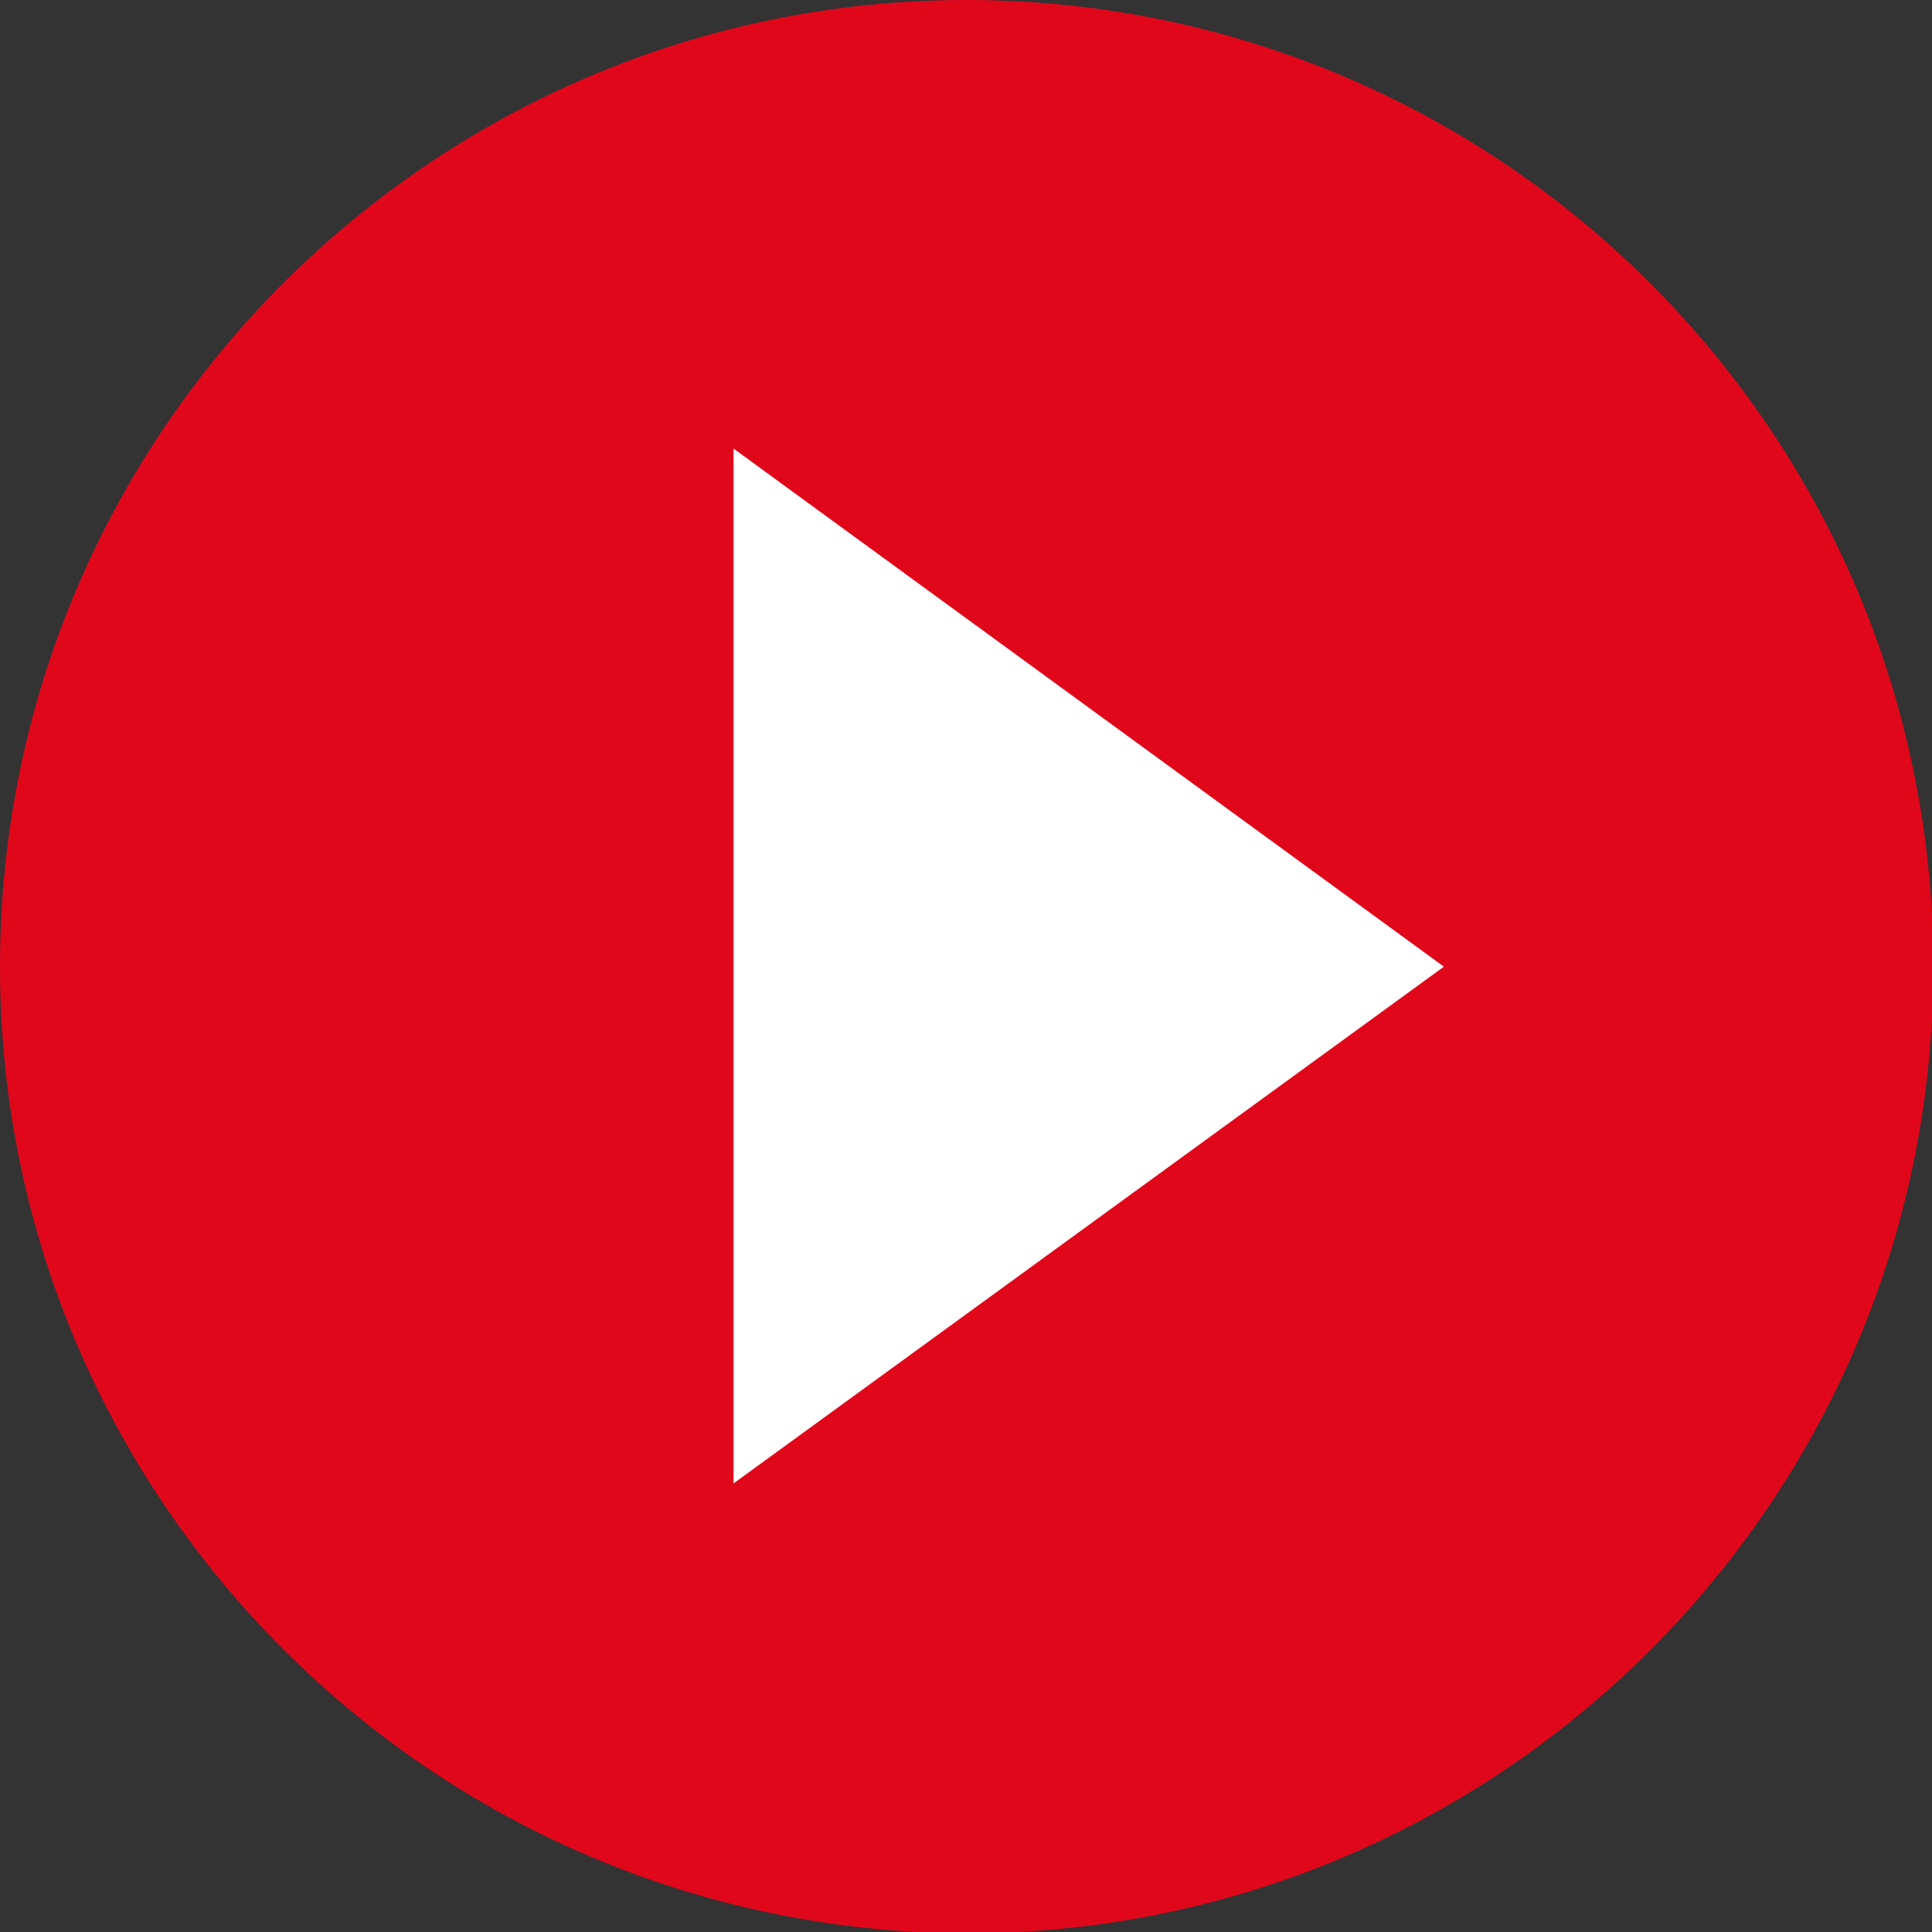 <?xml version="1.0" encoding="utf-8"?>
<!-- Generator: Adobe Illustrator 23.1.1, SVG Export Plug-In . SVG Version: 6.00 Build 0)  -->
<svg version="1.2" baseProfile="tiny" id="Ebene_1" xmlns="http://www.w3.org/2000/svg" xmlns:xlink="http://www.w3.org/1999/xlink"
	 x="0px" y="0px" width="141.7px" height="141.7px" viewBox="0 0 141.7 141.7" xml:space="preserve">
<rect x="0" y="0" width="141.7" height="141.7" fill="#333333" stroke="none"/>
<g>
	<path fill="#E1071B" d="M141.8,70.9c0,39.1-31.7,70.9-70.9,70.9C31.8,141.7,0,110,0,70.9C0,31.7,31.8,0,70.9,0
		C110,0,141.8,31.7,141.8,70.9z"/>
	<polygon fill="#FFFFFF" points="53.8,32.9 105.9,70.9 53.8,108.8 	"/>
</g>
<g>
</g>
<g>
</g>
<g>
</g>
<g>
</g>
<g>
</g>
<g>
</g>
</svg>
■ ■ ■ ■ ■
Exercise instructions. For this exercise, find all lines in the records containing the word "width" and copy them.

Output of the exercise.
	 x="0px" y="0px" width="141.7px" height="141.7px" viewBox="0 0 141.7 141.7" xml:space="preserve">
<rect x="0" y="0" width="141.7" height="141.7" fill="#333333" stroke="none"/>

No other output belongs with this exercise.